What would it mean to eventually crown an NBA champion when sports felt simultaneously unimportant and yet so central to public discourse?

The question didn’t have an obvious answer then, and still doesn’t now on the eve of the 2020 NBA Finals between the Los Angeles Lakers and Miami Heat. This isn’t to suggest I haven’t enjoyed basketball’s return — despite fanless venues and the absence of “do-or-die” road games. I absolutely have. But even in the midst of Luka Doncic’s superstar turn, the Denver Nuggets’ impressive run, everything Heat-related and the Lakers’ attempt to return to the mountaintop for the first time since Kobe Bryant led them there a decade ago — the question remains.

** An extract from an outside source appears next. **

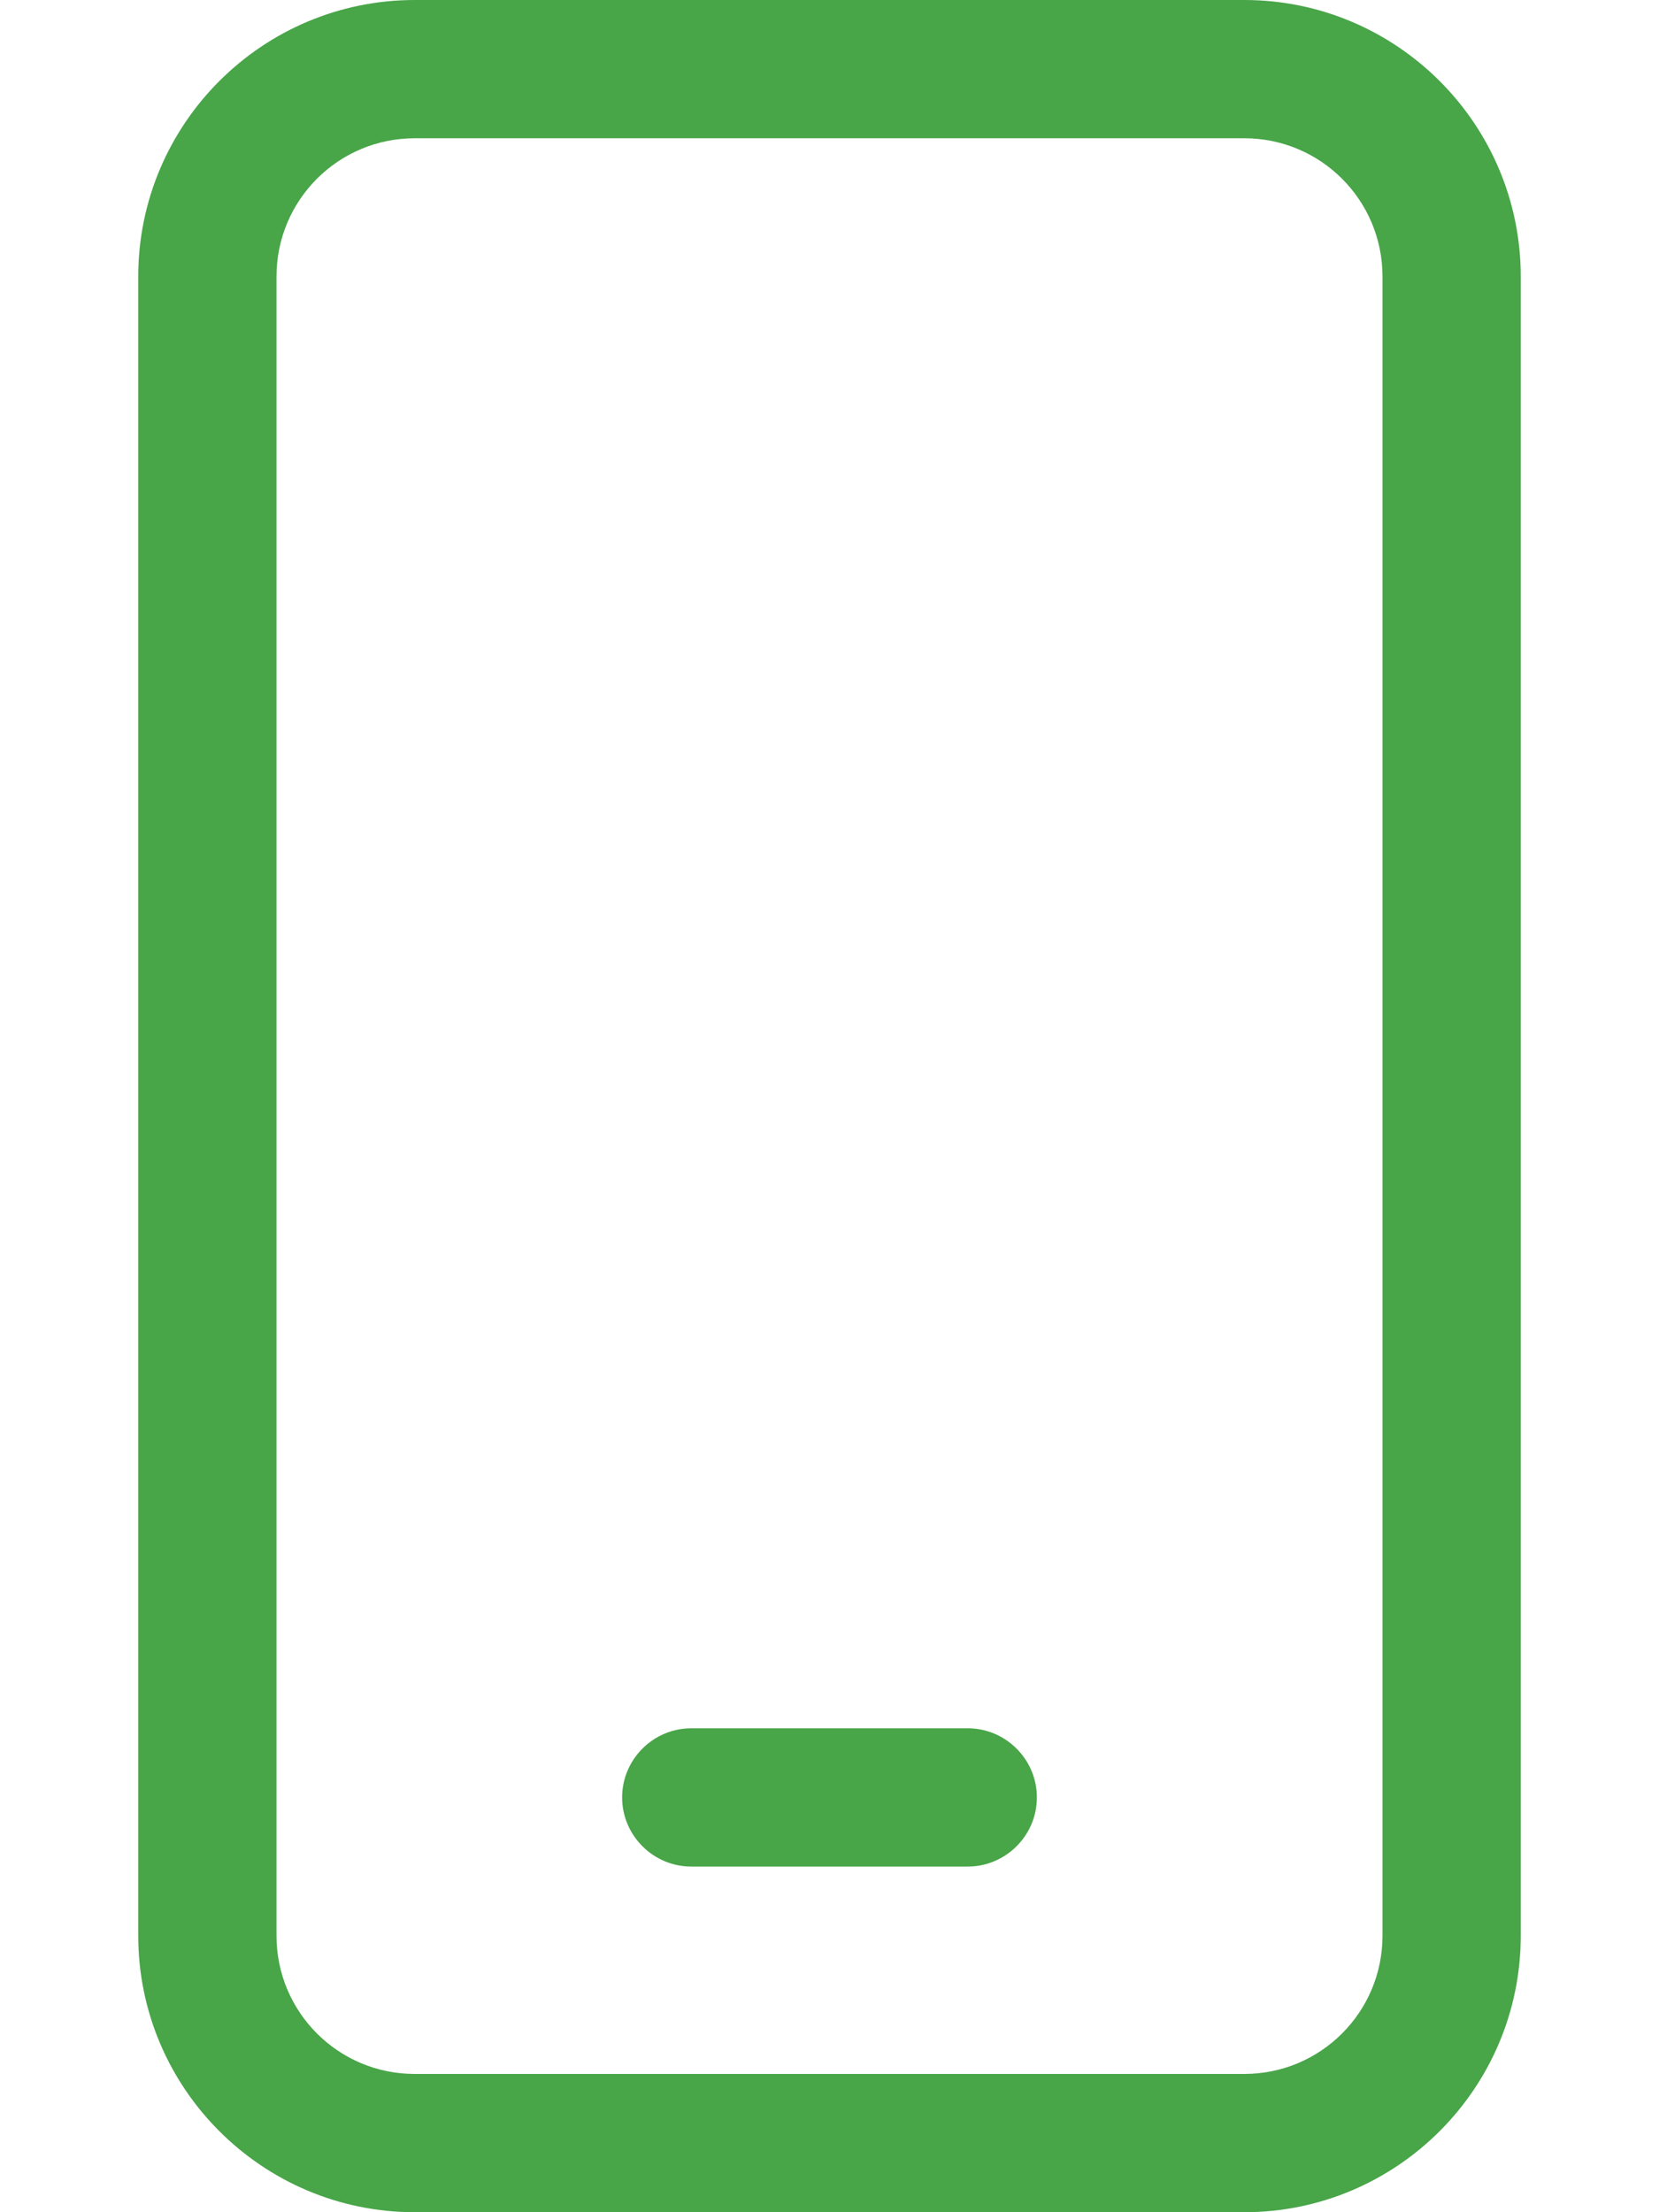 <svg width="36" height="48" viewBox="0 0 36 48" fill="none" xmlns="http://www.w3.org/2000/svg">
<path d="M9 3C7.341 3 6 4.341 6 6V42C6 43.659 7.341 45 9 45H27C28.659 45 30 43.659 30 42V6C30 4.341 28.659 3 27 3H9ZM3 6C3 2.691 5.691 0 9 0H27C30.309 0 33 2.691 33 6V42C33 45.309 30.309 48 27 48H9C5.691 48 3 45.309 3 42V6ZM15 37.5H21C21.825 37.5 22.5 38.175 22.5 39C22.5 39.825 21.825 40.5 21 40.5H15C14.175 40.5 13.5 39.825 13.5 39C13.5 38.175 14.175 37.5 15 37.5Z" fill="#48A548"/>
</svg>

I’m living with an ongoing mental tug of war. As coronavirus deaths piled up by the tens of thousands, and countless text messages poured in from friends saying they’d lost grandparents, uncles, aunts, parents, co-workers or friends, it seemed the last thing in the world that was important was sports. There’s only so many “I’m so sorry’s” or “Your family’s in my prayers” or “Please let me know how I can help’s” you can say before that sort of response begins to leave an emptiness in the soul.

And how could I truly appreciate the game I loved when the country it’s headquartered in is so traumatized? There’s nothing the game could do to reverse that train of thought — and that’s not the game’s fault. We’ve seen too much Black life lost on camera in 2020. Far more Zoom panels than convictions. And way more rhetoric spewed than legislation passed.

Since its inception, America would rather condemn the explosive angst of Black folks demanding justice than the systems in place that created the bomb. That thought — that emotional tumor, rather — ran through my head all summer as I went on runs hoping that my end wouldn’t mimic Ahmaud Arbery’s. And how fair was it to ask Black athletes to not only be entertaining on the court, but also serve as a moral compass for a country that had long lost its way? My grandma says this and she’s right: That’s giving this country way more credit than it deserves.

The Milwaukee Bucks and Orlando Magic take a knee during the national anthem before their first-round playoff game at the ESPN Wide World of Sports Complex on Aug. 29 in Kissimmee, Florida. It was the first day games resumed after the Bucks did not take the court for Game 5 against the Magic in a protest of the police shooting of Jacob Blake, a Black man from Kenosha, Wisconsin, on Aug. 23.

JOHN G. MABANGLO/EPA

Basketball didn’t need to return, but it was going to anyway. There was simply too much money being transferred through too many powerful hands for it not to. That’s America at the end of the day.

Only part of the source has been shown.